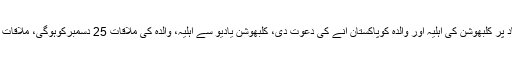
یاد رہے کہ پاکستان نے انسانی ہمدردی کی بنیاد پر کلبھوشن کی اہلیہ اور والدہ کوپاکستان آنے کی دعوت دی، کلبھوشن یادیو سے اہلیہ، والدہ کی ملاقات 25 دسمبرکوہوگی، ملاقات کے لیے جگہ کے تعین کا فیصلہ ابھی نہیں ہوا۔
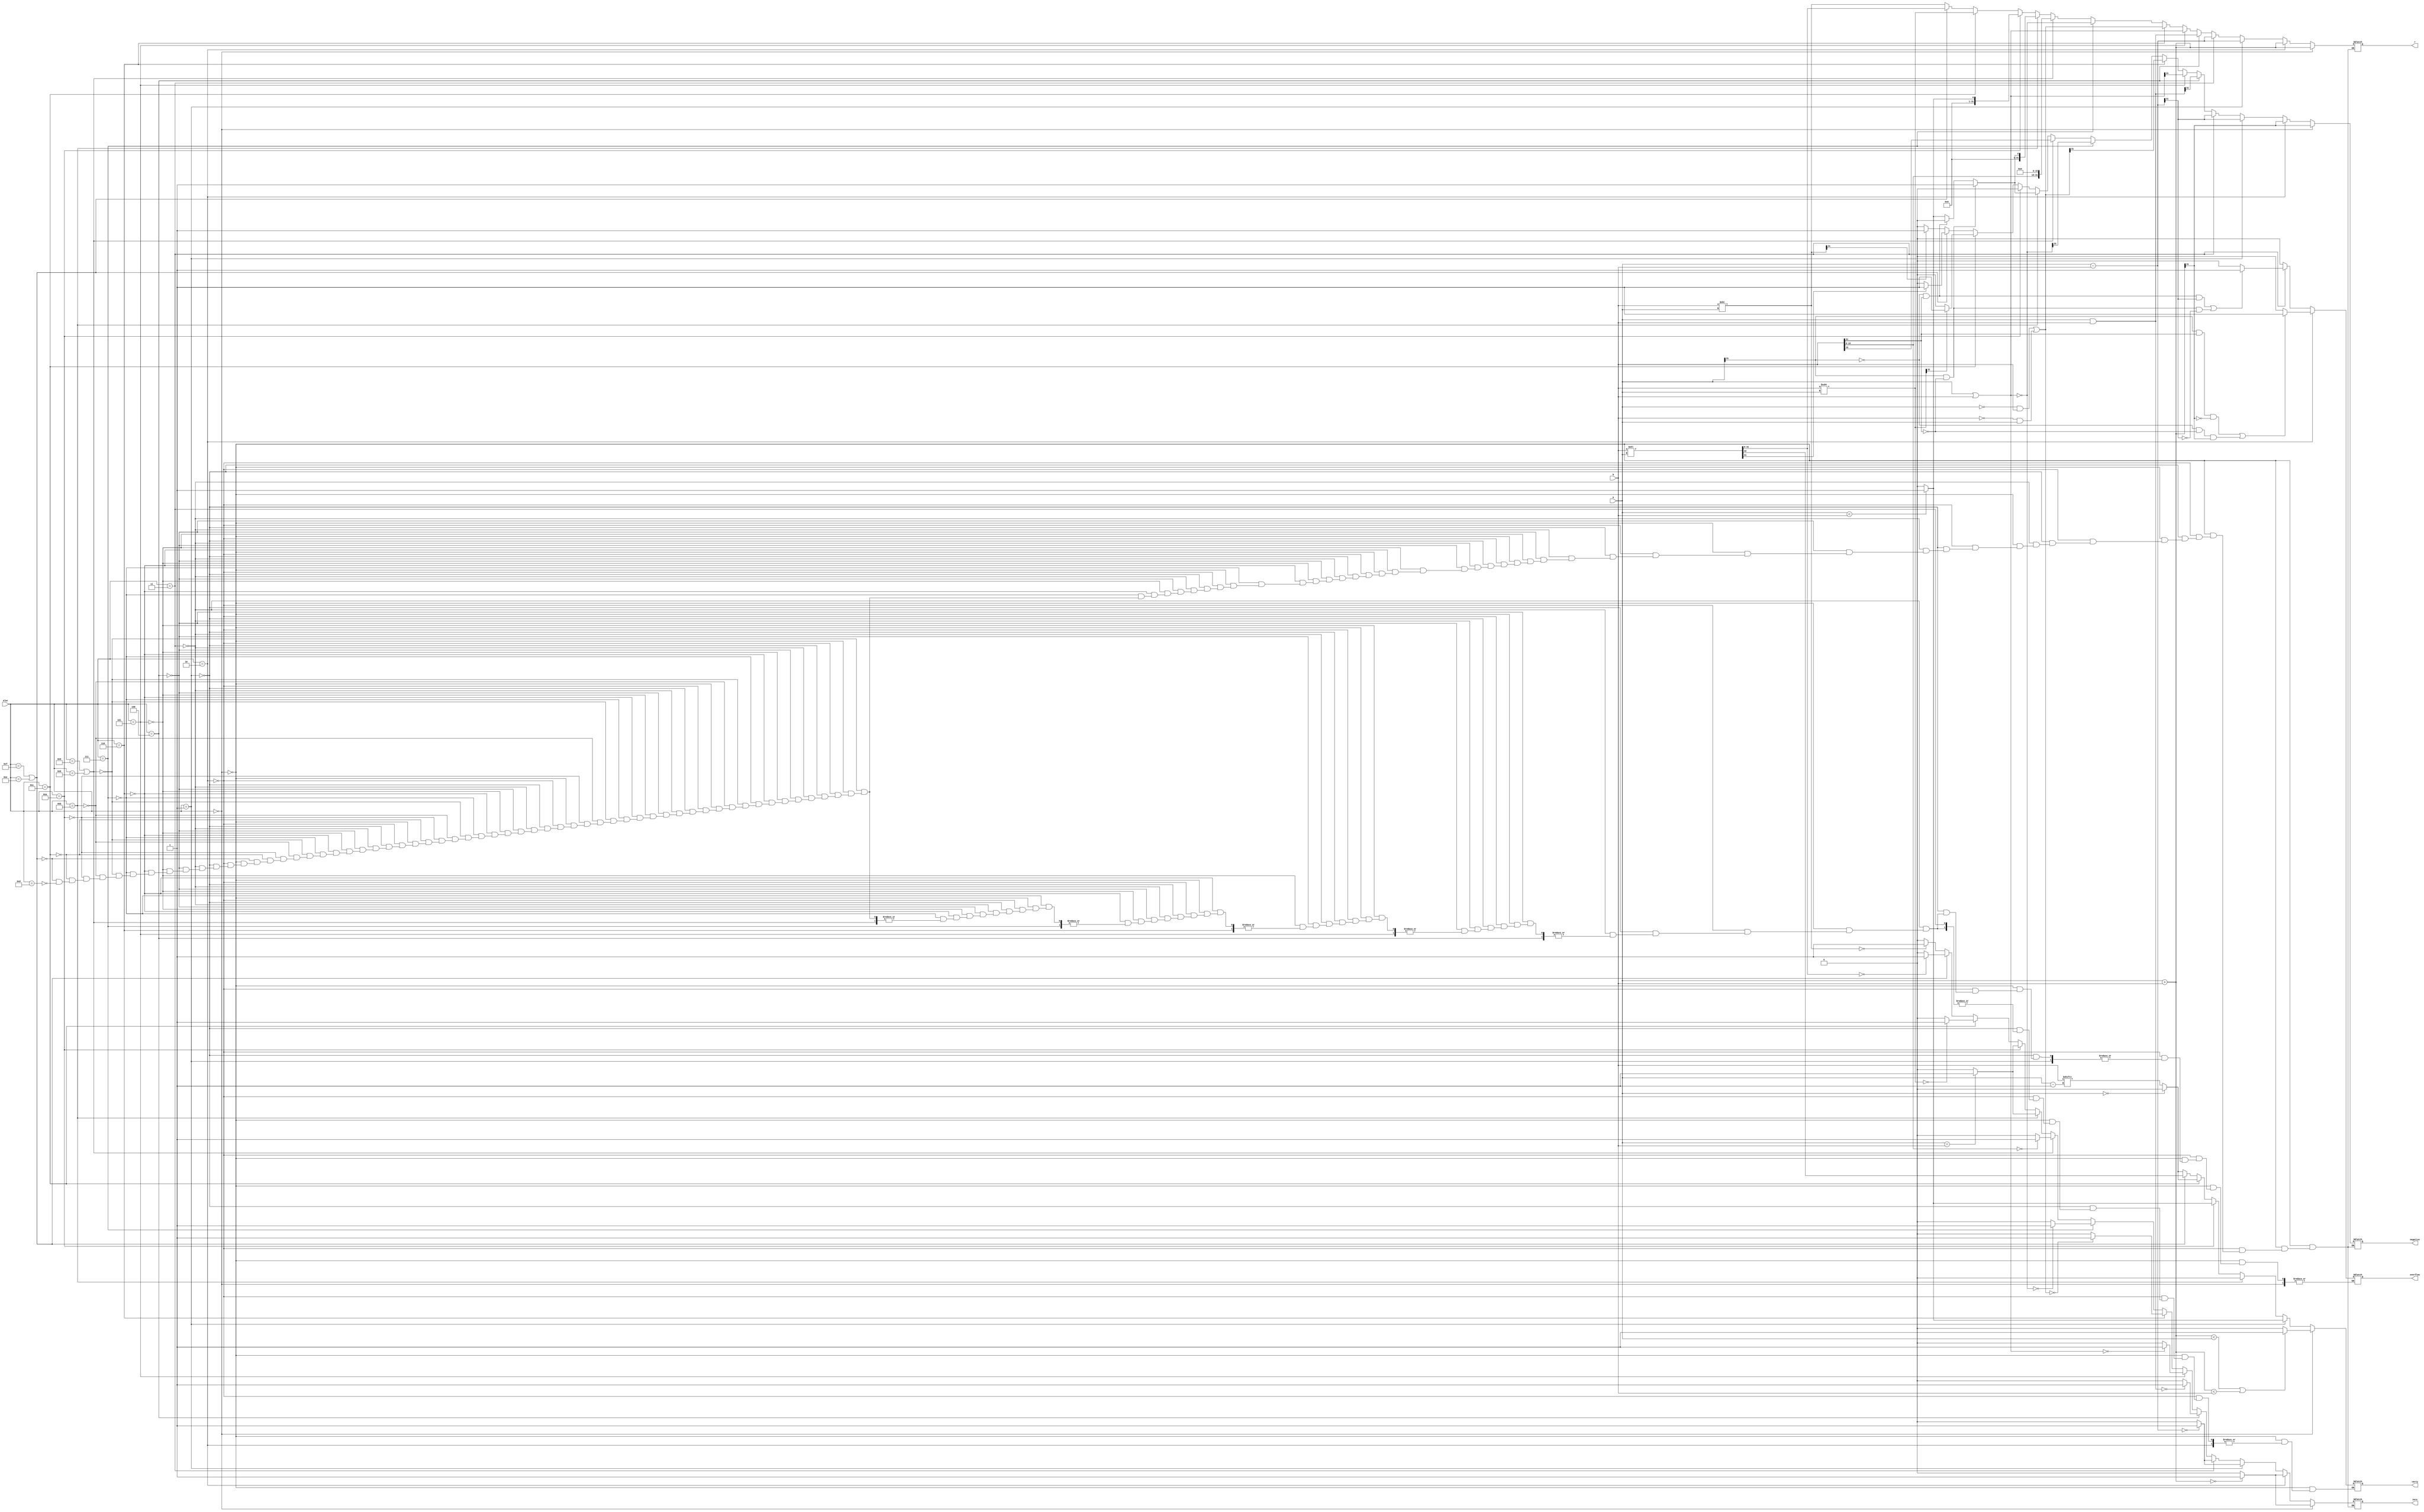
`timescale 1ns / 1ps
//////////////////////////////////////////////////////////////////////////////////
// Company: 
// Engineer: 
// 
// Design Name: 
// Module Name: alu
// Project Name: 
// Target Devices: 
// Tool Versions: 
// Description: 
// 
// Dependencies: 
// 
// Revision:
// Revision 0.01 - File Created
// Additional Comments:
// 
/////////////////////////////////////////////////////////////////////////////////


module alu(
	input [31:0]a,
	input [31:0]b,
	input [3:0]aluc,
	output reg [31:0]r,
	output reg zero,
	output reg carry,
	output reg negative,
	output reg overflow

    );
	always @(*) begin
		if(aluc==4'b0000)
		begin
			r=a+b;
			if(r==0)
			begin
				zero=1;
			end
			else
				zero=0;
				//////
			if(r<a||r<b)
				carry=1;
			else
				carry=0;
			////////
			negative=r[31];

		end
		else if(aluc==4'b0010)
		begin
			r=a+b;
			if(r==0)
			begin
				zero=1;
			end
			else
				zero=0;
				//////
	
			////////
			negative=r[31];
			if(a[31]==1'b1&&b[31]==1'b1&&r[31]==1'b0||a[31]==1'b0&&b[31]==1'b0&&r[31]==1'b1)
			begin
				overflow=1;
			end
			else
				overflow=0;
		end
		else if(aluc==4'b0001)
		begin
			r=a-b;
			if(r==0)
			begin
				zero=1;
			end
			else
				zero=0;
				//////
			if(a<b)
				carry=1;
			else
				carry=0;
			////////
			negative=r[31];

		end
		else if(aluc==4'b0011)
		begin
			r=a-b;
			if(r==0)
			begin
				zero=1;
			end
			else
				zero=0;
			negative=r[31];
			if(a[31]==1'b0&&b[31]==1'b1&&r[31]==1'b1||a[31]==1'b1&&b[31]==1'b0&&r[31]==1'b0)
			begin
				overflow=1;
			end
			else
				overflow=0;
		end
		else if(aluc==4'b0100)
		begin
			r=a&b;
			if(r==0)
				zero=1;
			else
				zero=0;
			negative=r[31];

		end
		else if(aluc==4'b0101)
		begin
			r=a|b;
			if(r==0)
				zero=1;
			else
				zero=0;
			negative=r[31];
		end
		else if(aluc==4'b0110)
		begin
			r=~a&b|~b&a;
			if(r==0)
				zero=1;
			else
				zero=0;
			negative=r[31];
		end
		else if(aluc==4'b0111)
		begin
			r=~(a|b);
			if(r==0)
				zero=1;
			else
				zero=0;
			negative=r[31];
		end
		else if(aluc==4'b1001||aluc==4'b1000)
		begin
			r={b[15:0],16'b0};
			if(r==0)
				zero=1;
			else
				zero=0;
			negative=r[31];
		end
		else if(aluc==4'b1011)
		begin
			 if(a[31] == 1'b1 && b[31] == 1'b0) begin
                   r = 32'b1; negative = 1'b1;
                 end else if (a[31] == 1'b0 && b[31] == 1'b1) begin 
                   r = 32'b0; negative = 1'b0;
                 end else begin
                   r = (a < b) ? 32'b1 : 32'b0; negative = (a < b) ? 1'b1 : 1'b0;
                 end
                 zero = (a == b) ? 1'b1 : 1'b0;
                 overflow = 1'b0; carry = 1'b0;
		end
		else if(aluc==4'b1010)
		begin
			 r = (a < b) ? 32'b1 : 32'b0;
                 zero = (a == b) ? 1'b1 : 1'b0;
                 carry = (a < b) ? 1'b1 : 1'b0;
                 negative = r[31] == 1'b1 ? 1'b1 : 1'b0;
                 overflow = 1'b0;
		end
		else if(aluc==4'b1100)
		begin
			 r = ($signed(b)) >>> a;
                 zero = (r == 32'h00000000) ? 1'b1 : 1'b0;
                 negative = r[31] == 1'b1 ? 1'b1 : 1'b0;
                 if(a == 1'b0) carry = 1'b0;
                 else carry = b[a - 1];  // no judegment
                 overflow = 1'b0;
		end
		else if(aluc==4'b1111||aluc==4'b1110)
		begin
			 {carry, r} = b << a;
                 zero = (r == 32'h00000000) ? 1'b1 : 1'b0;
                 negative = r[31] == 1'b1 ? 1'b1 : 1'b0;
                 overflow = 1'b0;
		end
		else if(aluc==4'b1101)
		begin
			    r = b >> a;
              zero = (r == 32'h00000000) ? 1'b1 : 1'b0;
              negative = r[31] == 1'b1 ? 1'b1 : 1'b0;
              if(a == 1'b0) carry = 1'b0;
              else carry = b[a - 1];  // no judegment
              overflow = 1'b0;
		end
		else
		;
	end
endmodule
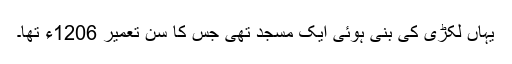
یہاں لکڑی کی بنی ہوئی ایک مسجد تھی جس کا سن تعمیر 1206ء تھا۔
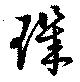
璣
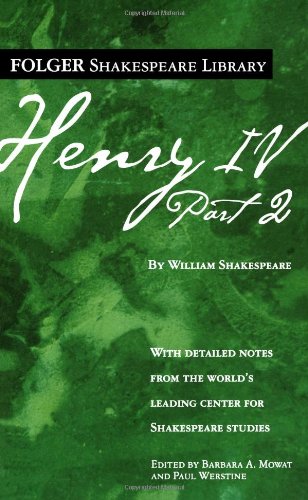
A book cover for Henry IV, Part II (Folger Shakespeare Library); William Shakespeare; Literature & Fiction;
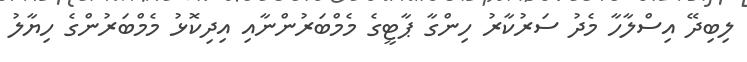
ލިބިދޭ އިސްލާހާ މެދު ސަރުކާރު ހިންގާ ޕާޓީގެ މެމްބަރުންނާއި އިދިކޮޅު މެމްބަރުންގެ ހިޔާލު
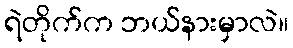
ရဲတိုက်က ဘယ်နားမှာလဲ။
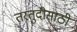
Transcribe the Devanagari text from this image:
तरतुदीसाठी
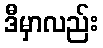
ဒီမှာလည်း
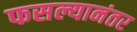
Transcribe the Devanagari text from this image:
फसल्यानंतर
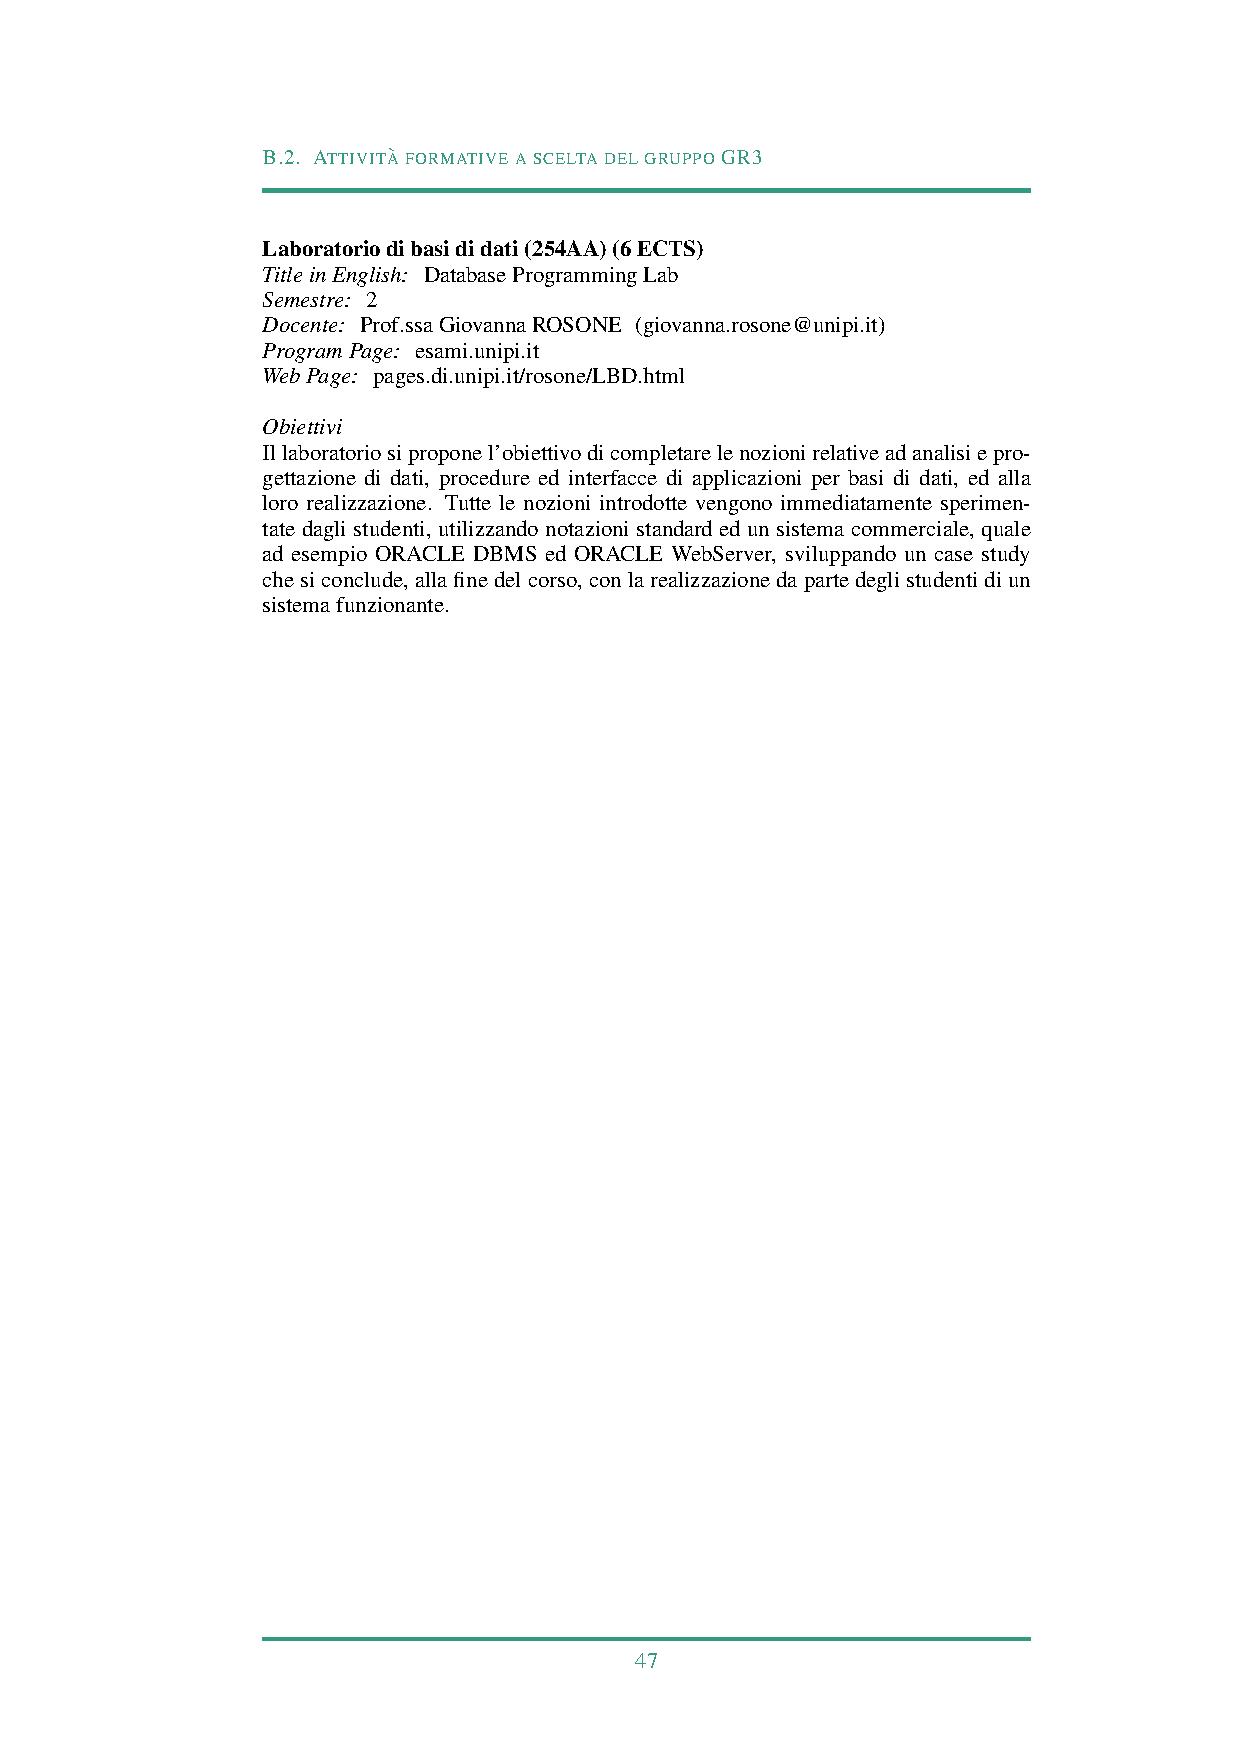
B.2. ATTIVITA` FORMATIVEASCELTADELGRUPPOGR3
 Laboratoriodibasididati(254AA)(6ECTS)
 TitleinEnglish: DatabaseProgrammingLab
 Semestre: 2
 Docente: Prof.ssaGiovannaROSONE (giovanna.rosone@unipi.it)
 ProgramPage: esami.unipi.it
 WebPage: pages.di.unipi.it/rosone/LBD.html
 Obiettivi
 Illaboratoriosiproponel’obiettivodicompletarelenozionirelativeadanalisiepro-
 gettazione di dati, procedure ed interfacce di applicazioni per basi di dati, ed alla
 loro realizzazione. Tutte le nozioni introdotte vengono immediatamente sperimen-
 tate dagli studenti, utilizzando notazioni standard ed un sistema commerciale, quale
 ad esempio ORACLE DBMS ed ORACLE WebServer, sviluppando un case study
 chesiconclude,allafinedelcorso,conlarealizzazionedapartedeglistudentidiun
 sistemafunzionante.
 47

» **PROBLEM**: Repeat the material above exactly. Leave every picture out of it.

» **WRITTEN ANSWER**:
یاد رہے کہ پاکستان نے انسانی ہمدردی کی بنیاد پر کلبھوشن کی اہلیہ اور والدہ کوپاکستان آنے کی دعوت دی، کلبھوشن یادیو سے اہلیہ، والدہ کی ملاقات 25 دسمبرکوہوگی، ملاقات کے لیے جگہ کے تعین کا فیصلہ ابھی نہیں ہوا۔
`timescale 1ns / 1ps
//////////////////////////////////////////////////////////////////////////////////
// Company: 
// Engineer: 
// 
// Design Name: 
// Module Name: alu
// Project Name: 
// Target Devices: 
// Tool Versions: 
// Description: 
// 
// Dependencies: 
// 
// Revision:
// Revision 0.01 - File Created
// Additional Comments:
// 
/////////////////////////////////////////////////////////////////////////////////


module alu(
	input [31:0]a,
	input [31:0]b,
	input [3:0]aluc,
	output reg [31:0]r,
	output reg zero,
	output reg carry,
	output reg negative,
	output reg overflow

    );
	always @(*) begin
		if(aluc==4'b0000)
		begin
			r=a+b;
			if(r==0)
			begin
				zero=1;
			end
			else
				zero=0;
				//////
			if(r<a||r<b)
				carry=1;
			else
				carry=0;
			////////
			negative=r[31];

		end
		else if(aluc==4'b0010)
		begin
			r=a+b;
			if(r==0)
			begin
				zero=1;
			end
			else
				zero=0;
				//////
	
			////////
			negative=r[31];
			if(a[31]==1'b1&&b[31]==1'b1&&r[31]==1'b0||a[31]==1'b0&&b[31]==1'b0&&r[31]==1'b1)
			begin
				overflow=1;
			end
			else
				overflow=0;
		end
		else if(aluc==4'b0001)
		begin
			r=a-b;
			if(r==0)
			begin
				zero=1;
			end
			else
				zero=0;
				//////
			if(a<b)
				carry=1;
			else
				carry=0;
			////////
			negative=r[31];

		end
		else if(aluc==4'b0011)
		begin
			r=a-b;
			if(r==0)
			begin
				zero=1;
			end
			else
				zero=0;
			negative=r[31];
			if(a[31]==1'b0&&b[31]==1'b1&&r[31]==1'b1||a[31]==1'b1&&b[31]==1'b0&&r[31]==1'b0)
			begin
				overflow=1;
			end
			else
				overflow=0;
		end
		else if(aluc==4'b0100)
		begin
			r=a&b;
			if(r==0)
				zero=1;
			else
				zero=0;
			negative=r[31];

		end
		else if(aluc==4'b0101)
		begin
			r=a|b;
			if(r==0)
				zero=1;
			else
				zero=0;
			negative=r[31];
		end
		else if(aluc==4'b0110)
		begin
			r=~a&b|~b&a;
			if(r==0)
				zero=1;
			else
				zero=0;
			negative=r[31];
		end
		else if(aluc==4'b0111)
		begin
			r=~(a|b);
			if(r==0)
				zero=1;
			else
				zero=0;
			negative=r[31];
		end
		else if(aluc==4'b1001||aluc==4'b1000)
		begin
			r={b[15:0],16'b0};
			if(r==0)
				zero=1;
			else
				zero=0;
			negative=r[31];
		end
		else if(aluc==4'b1011)
		begin
			 if(a[31] == 1'b1 && b[31] == 1'b0) begin
                   r = 32'b1; negative = 1'b1;
                 end else if (a[31] == 1'b0 && b[31] == 1'b1) begin 
                   r = 32'b0; negative = 1'b0;
                 end else begin
                   r = (a < b) ? 32'b1 : 32'b0; negative = (a < b) ? 1'b1 : 1'b0;
                 end
                 zero = (a == b) ? 1'b1 : 1'b0;
                 overflow = 1'b0; carry = 1'b0;
		end
		else if(aluc==4'b1010)
		begin
			 r = (a < b) ? 32'b1 : 32'b0;
                 zero = (a == b) ? 1'b1 : 1'b0;
                 carry = (a < b) ? 1'b1 : 1'b0;
                 negative = r[31] == 1'b1 ? 1'b1 : 1'b0;
                 overflow = 1'b0;
		end
		else if(aluc==4'b1100)
		begin
			 r = ($signed(b)) >>> a;
                 zero = (r == 32'h00000000) ? 1'b1 : 1'b0;
                 negative = r[31] == 1'b1 ? 1'b1 : 1'b0;
                 if(a == 1'b0) carry = 1'b0;
                 else carry = b[a - 1];  // no judegment
                 overflow = 1'b0;
		end
		else if(aluc==4'b1111||aluc==4'b1110)
		begin
			 {carry, r} = b << a;
                 zero = (r == 32'h00000000) ? 1'b1 : 1'b0;
                 negative = r[31] == 1'b1 ? 1'b1 : 1'b0;
                 overflow = 1'b0;
		end
		else if(aluc==4'b1101)
		begin
			    r = b >> a;
              zero = (r == 32'h00000000) ? 1'b1 : 1'b0;
              negative = r[31] == 1'b1 ? 1'b1 : 1'b0;
              if(a == 1'b0) carry = 1'b0;
              else carry = b[a - 1];  // no judegment
              overflow = 1'b0;
		end
		else
		;
	end
endmodule
یہاں لکڑی کی بنی ہوئی ایک مسجد تھی جس کا سن تعمیر 1206ء تھا۔
璣
A book cover for Henry IV, Part II (Folger Shakespeare Library); William Shakespeare; Literature & Fiction;
ލިބިދޭ އިސްލާހާ މެދު ސަރުކާރު ހިންގާ ޕާޓީގެ މެމްބަރުންނާއި އިދިކޮޅު މެމްބަރުންގެ ހިޔާލު
ရဲတိုက်က ဘယ်နားမှာလဲ။
Transcribe the Devanagari text from this image:
तरतुदीसाठी
ဒီမှာလည်း
Transcribe the Devanagari text from this image:
फसल्यानंतर
B.2. ATTIVITA` FORMATIVEASCELTADELGRUPPOGR3
 Laboratoriodibasididati(254AA)(6ECTS)
 TitleinEnglish: DatabaseProgrammingLab
 Semestre: 2
 Docente: Prof.ssaGiovannaROSONE (giovanna.rosone@unipi.it)
 ProgramPage: esami.unipi.it
 WebPage: pages.di.unipi.it/rosone/LBD.html
 Obiettivi
 Illaboratoriosiproponel’obiettivodicompletarelenozionirelativeadanalisiepro-
 gettazione di dati, procedure ed interfacce di applicazioni per basi di dati, ed alla
 loro realizzazione. Tutte le nozioni introdotte vengono immediatamente sperimen-
 tate dagli studenti, utilizzando notazioni standard ed un sistema commerciale, quale
 ad esempio ORACLE DBMS ed ORACLE WebServer, sviluppando un case study
 chesiconclude,allafinedelcorso,conlarealizzazionedapartedeglistudentidiun
 sistemafunzionante.
 47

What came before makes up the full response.